In fact, SMRT had brought up the issue of dropping claws in 1995, but did not pursue the matter further.
The LTA, on its part, did not follow up on the dropping claw issue after 1995, as the COI noted.
The whole issue of defective or poorly designed third rail support components is water under the bridge though, now that it has been decided that all claws should be replaced by the latest fifth-generation model, which can be bolted to the third rail.
These new claws, which come with new insulators, are far more secure, but can also be dislodged. But being made of stainless steel, they are more detectable when dropped than the old black cast-iron claws.

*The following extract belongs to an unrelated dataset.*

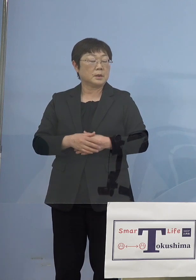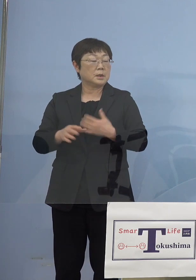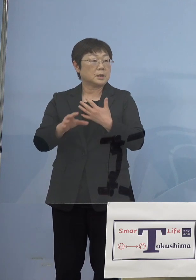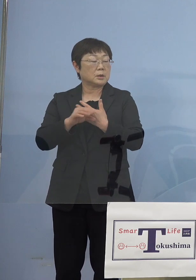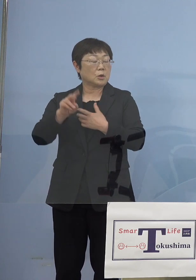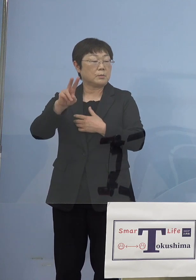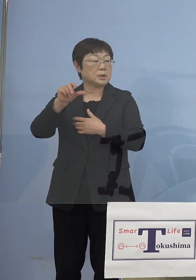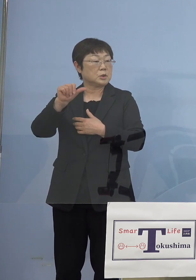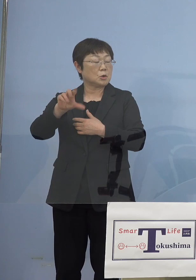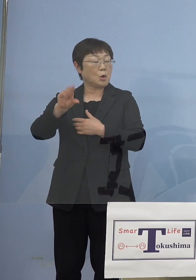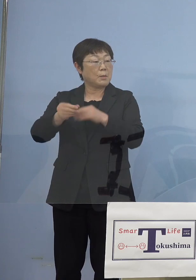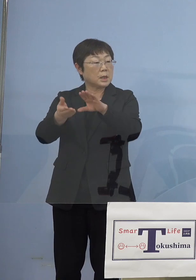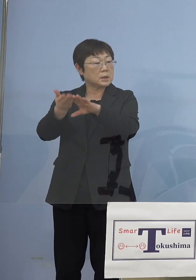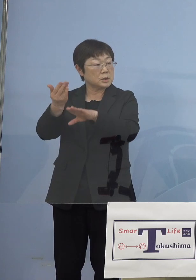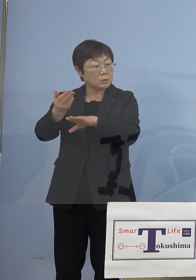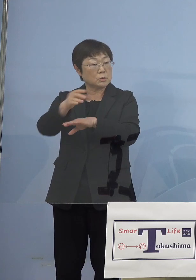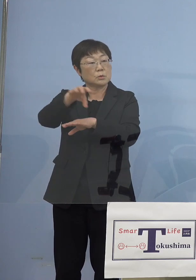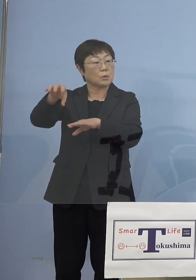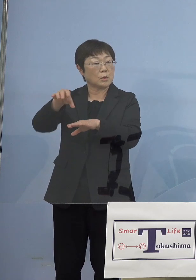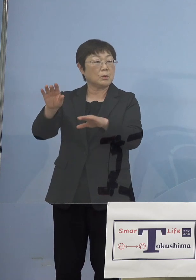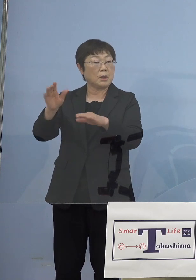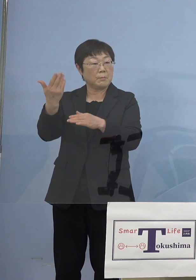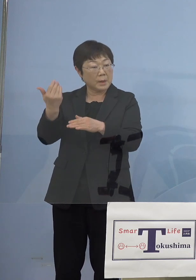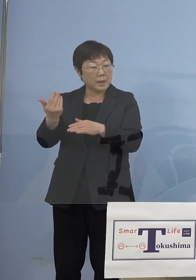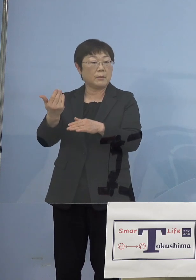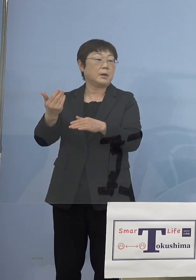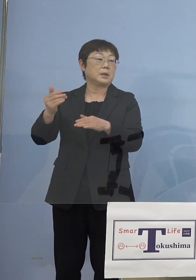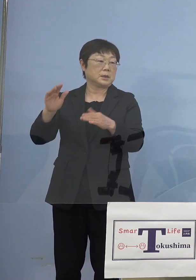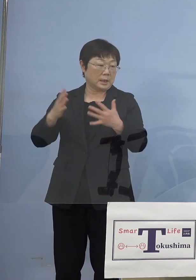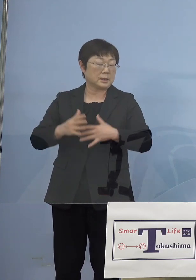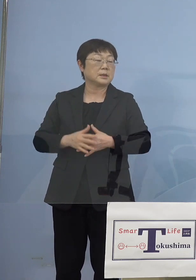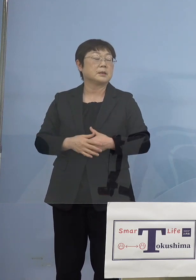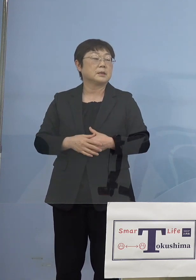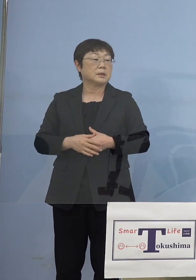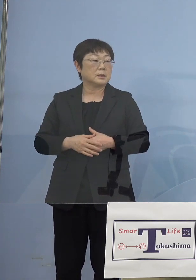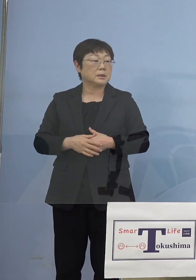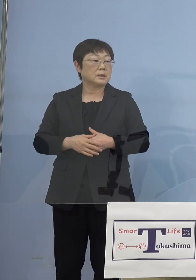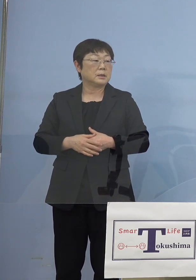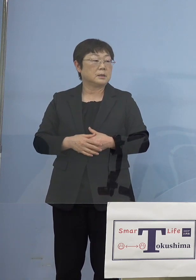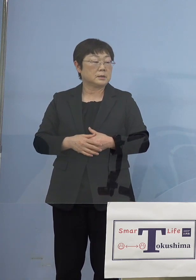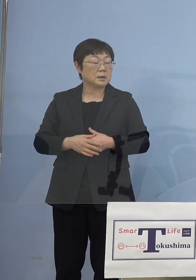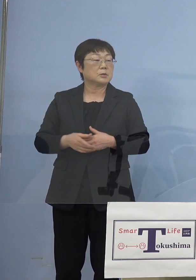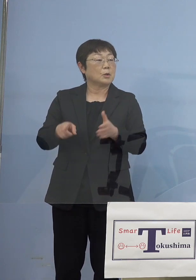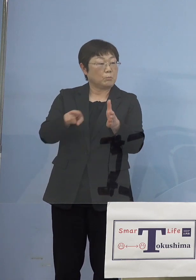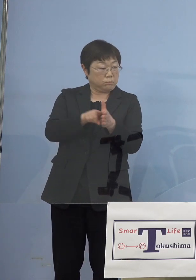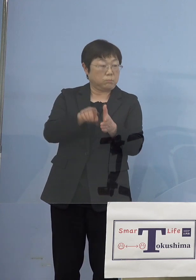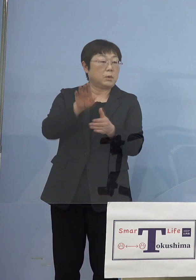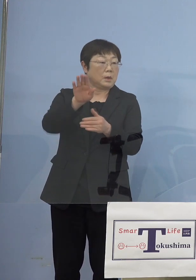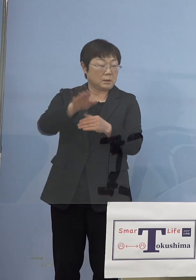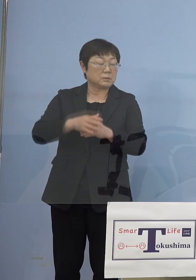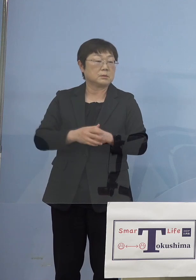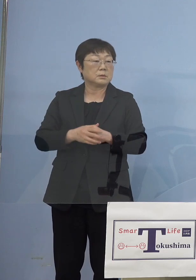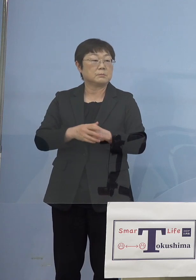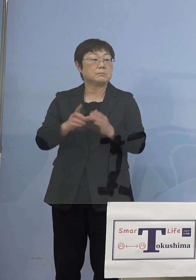って前なかったんですけど 前あったんですけど大規模な方ですね そうしたものが例えば入ってくる とかそういった場合については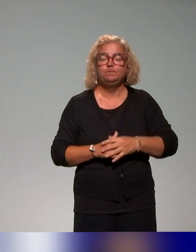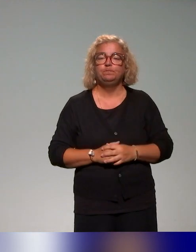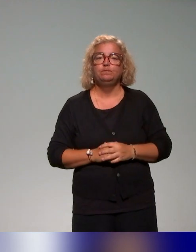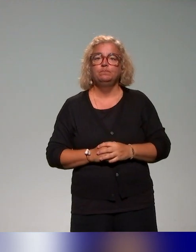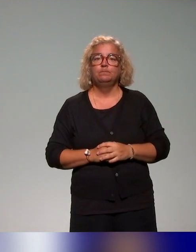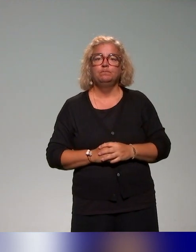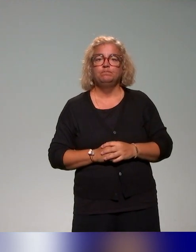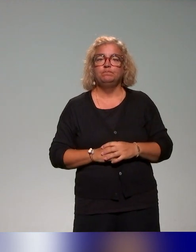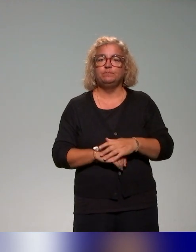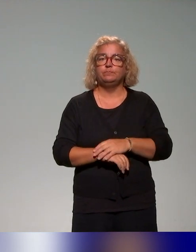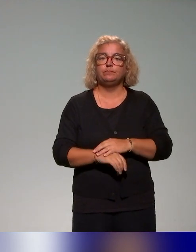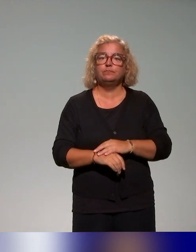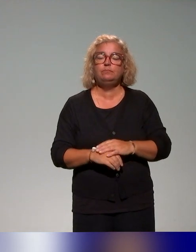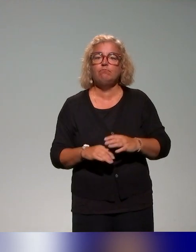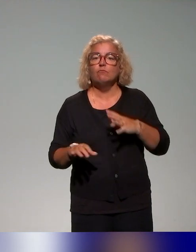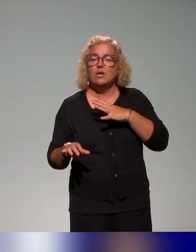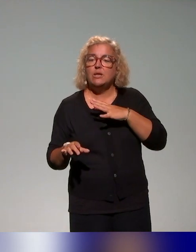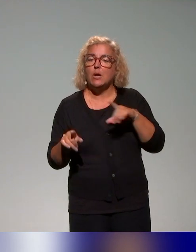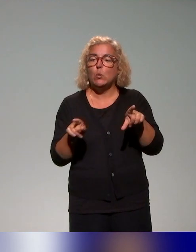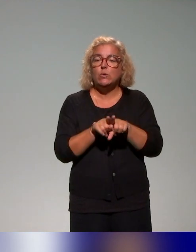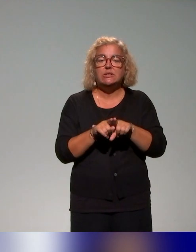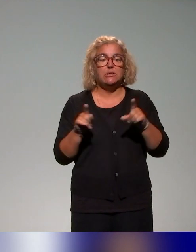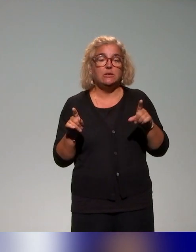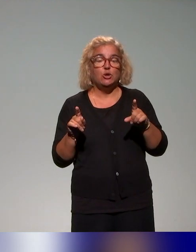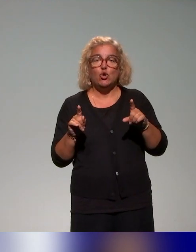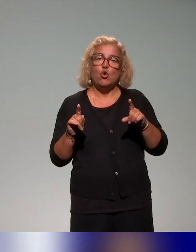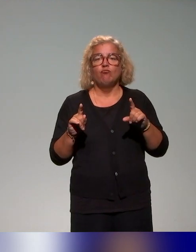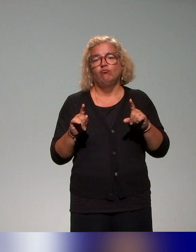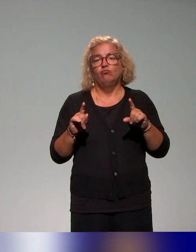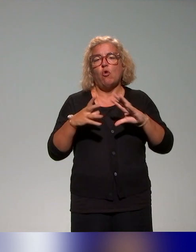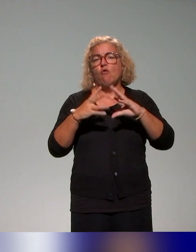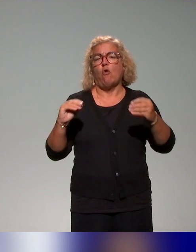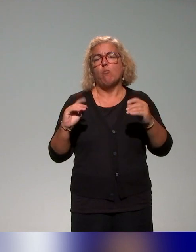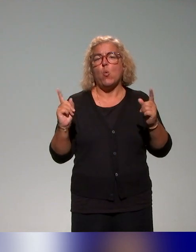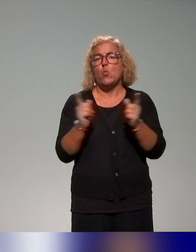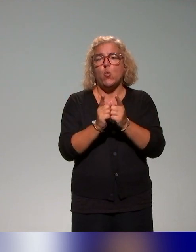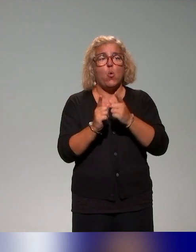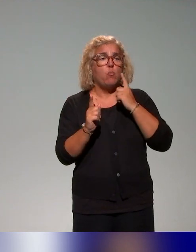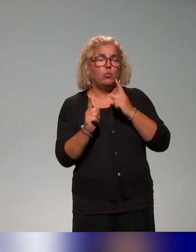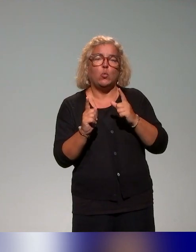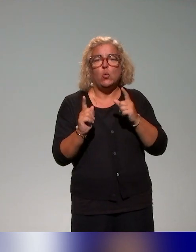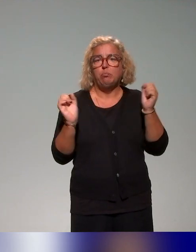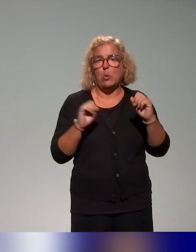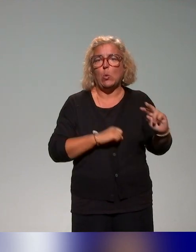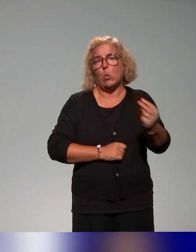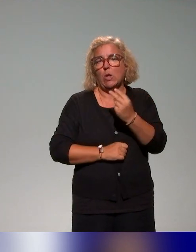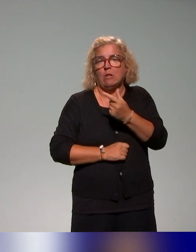qui étaient présentées sur des formats assez courts pour qu'un grand nombre de personnes puissent y assister, mais qui permettaient

Other methods of detecting anomalies on the third rail - such as the high-speed camera system mounted on trains - will also help prevent a repeat of December's incidents.
But breakdowns of other nature can and will still occur. That is an undeniable fact of all mechanical systems.
The inquiry's report has also put in a comprehensive list of recommendations to mitigate the impact breakdowns have on commuters.
Like its engineering recommendations, many are overlapping. And so they should be.
A system that transports millions of people a day should likewise have built-in redundancies so that the failure of one component or process does not jeopardise the integrity of the entire network.
Built-in redundancies aside, the design and build quality of each component must be robust.
As far as the third rail support assemblies on the North-South and East-West lines go, that has clearly proven to be not the case.
Between maintenance and design, especially in an ageing system, there is no running away from the fact that accountability must lie with all players - operator and regulator.
Commuters, for sure, will be demanding that.